Jour 2 : Saadiyat Beach Golf Club tôt le matin, déjeuner léger, après-midi au Louvre Abu Dhabi. Le musée est l’une des grandes réussites de la ville : architecture de Jean Nouvel, collection intelligente, fraîcheur bienvenue. Le soir, dîner chez Al Mrzab pour remettre les pieds dans l’assiette locale.

Jour 3 : Yas Links, idéalement départ matinal ou fin d’après-midi. Après la partie, verre sur Yas Island. Si vous avez encore de l’énergie, promenade à la marina.

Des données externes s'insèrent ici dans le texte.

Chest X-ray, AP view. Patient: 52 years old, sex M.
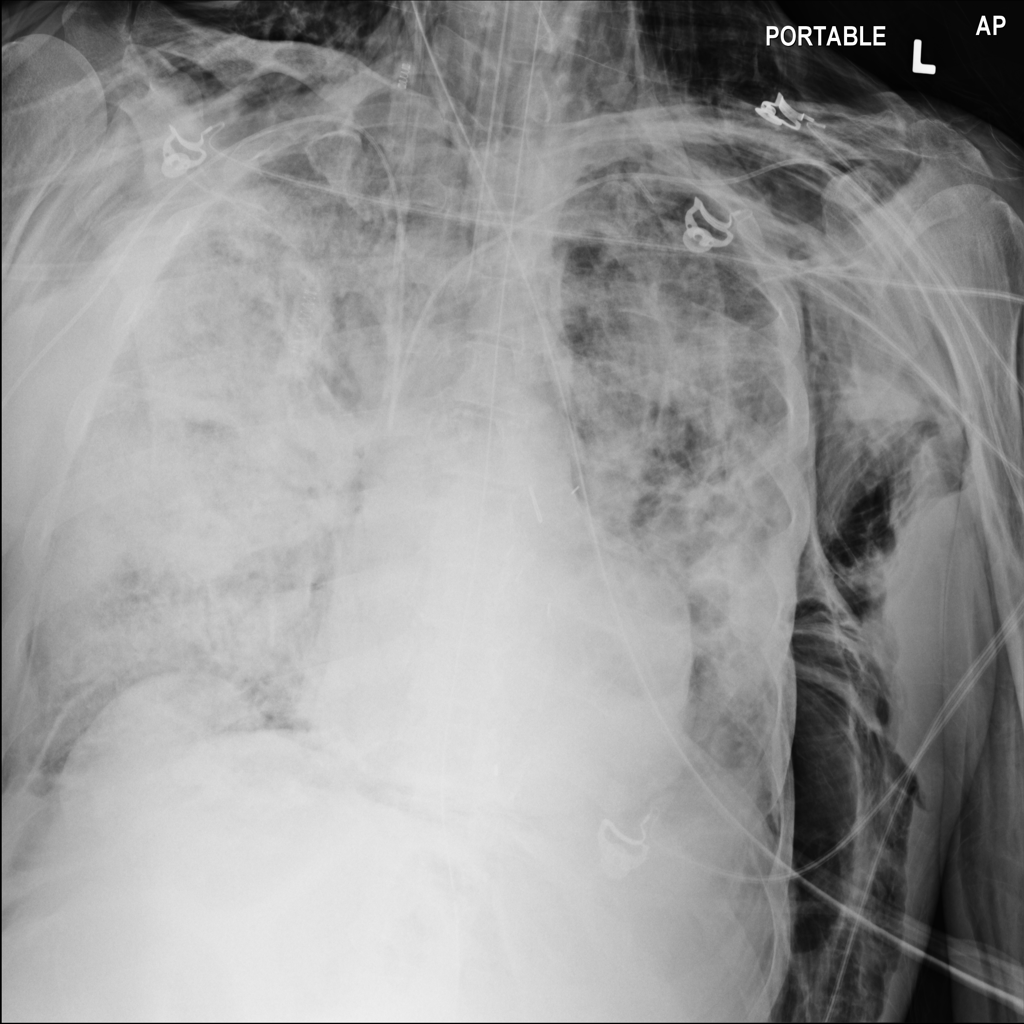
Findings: Consolidation, Infiltration
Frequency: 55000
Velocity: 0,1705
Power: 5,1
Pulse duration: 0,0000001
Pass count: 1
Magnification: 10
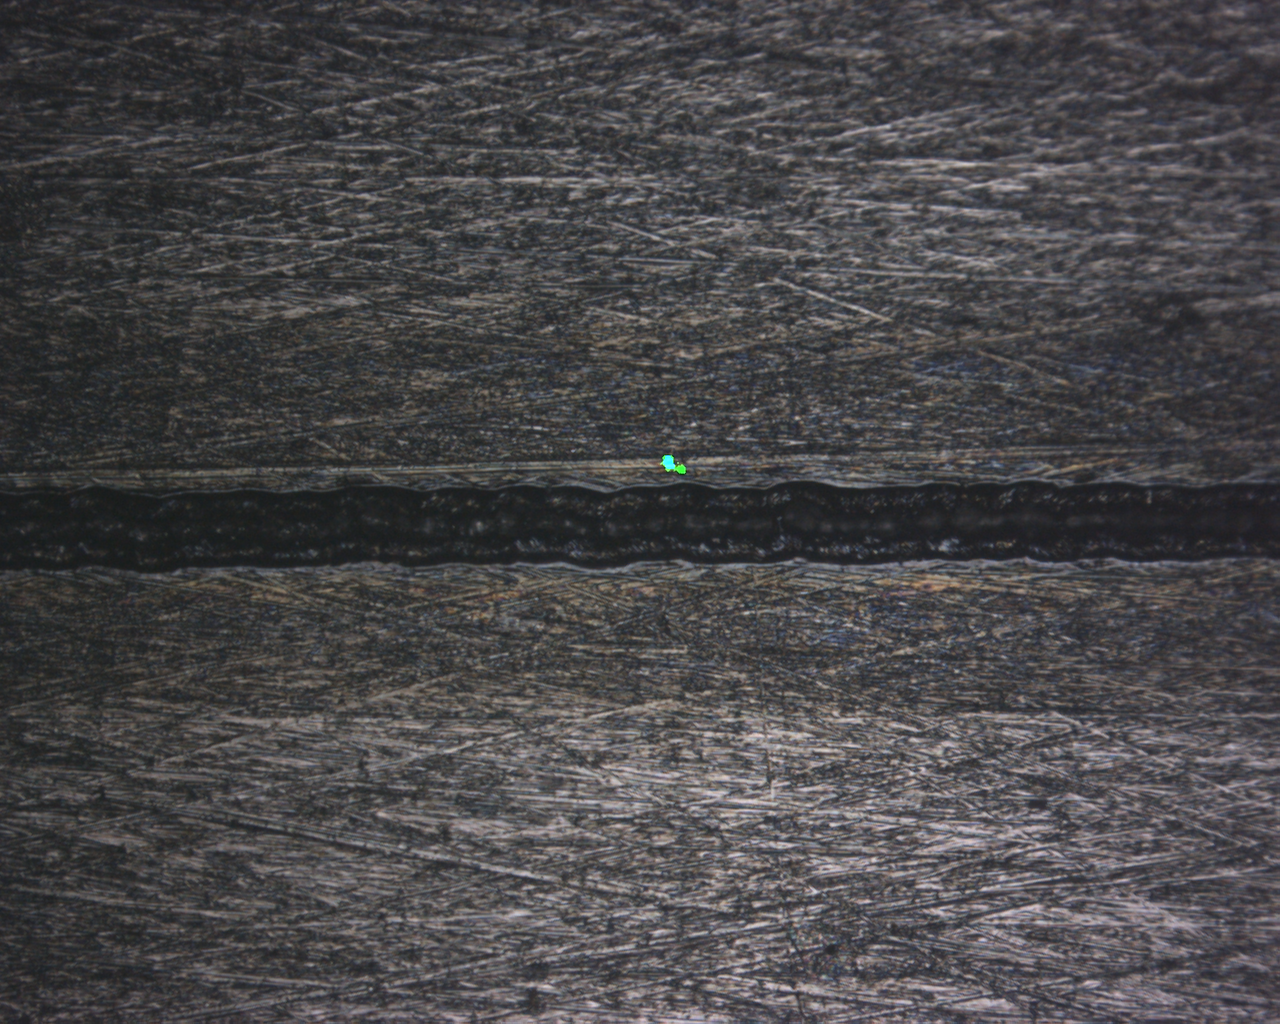
Measured width: 109.289
Other width: 31.2488
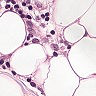
Metastatic tissue present: yes

Si vous n’en avez plus, c’est normal : le links moderne vient de vous expliquer la géométrie avec des bunkers.

Jour 4 : Abu Dhabi Golf Club ou Abu Dhabi City Golf Club selon budget et ambition. Le premier pour le grand classique, le second pour la pépite urbaine. Avant de partir, vérifiez votre équipement, vos gants et vos essentiels de voyage : un détour par le pro-shop UP Golf Society évite de découvrir sur place que votre casquette préférée a pris sa retraite.

Budget réaliste pour un séjour de golf à Abu Dhabi

Abu Dhabi n’est pas une destination low-cost, mais elle peut se jouer intelligemment. Les taxis restent relativement pratiques, les hôtels varient beaucoup selon saison, et les green fees baissent parfois sur les créneaux moins demandés. Le vrai secret : réserver tôt, jouer tôt, et ne pas transformer chaque dîner en sommet du G20.

Pour trois ou quatre nuits avec deux à trois parcours, comptez souvent 1 300 à 2 500 euros par personne hors vol, selon niveau d’hôtel, saison et choix des parcours. En ajoutant Yas Links et Saadiyat, l’addition grimpe. En intégrant Abu Dhabi City Golf Club, elle respire. Comme votre putter après un par sauvé.

FAQ : avant de réserver vos départs

Quelle est la meilleure saison pour jouer à Abu Dhabi ?

La meilleure période va de novembre à mars. Les températures sont plus douces, les parcours excellents, et l’on peut jouer sans avoir l’impression que le soleil vous suit personnellement. Avril et octobre restent possibles, mais il faut privilégier les départs très tôt.

Quel niveau faut-il pour profiter des parcours ?

Un index moyen peut parfaitement profiter d’un séjour de golf à Abu Dhabi, à condition de choisir ses départs avec lucidité. Yas Links et Abu Dhabi Golf Club demandent de la stratégie. Saadiyat reste accessible mais punit les approximations. Abu Dhabi City Golf Club convient très bien pour une partie plus détendue.

Faut-il louer une voiture ?

Pas forcément. Les taxis et VTC fonctionnent bien, surtout si vous logez à Saadiyat, Yas ou près de la Corniche. Louer une voiture peut être utile pour plus d’autonomie, mais le stationnement, les grands axes et la fatigue post-parcours rendent souvent le taxi très confortable. Le thermomètre, lui, ne conduit toujours pas.

Au fond, Abu Dhabi est une destination de golf moins tapageuse qu’attendu. Elle ne cherche pas à vous étourdir à chaque coin de rue ; elle préfère vous installer dans une forme de confort précis, presque feutré. On y vient pour les parcours, on y reste pour la lumière, la cuisine, la qualité de service et cette impression rare d’avoir joué une destination plutôt que simplement coché des départs. Et si votre driver n’a pas aimé le voyage, rassurez-vous : lui non plus n’avait pas lu la météo.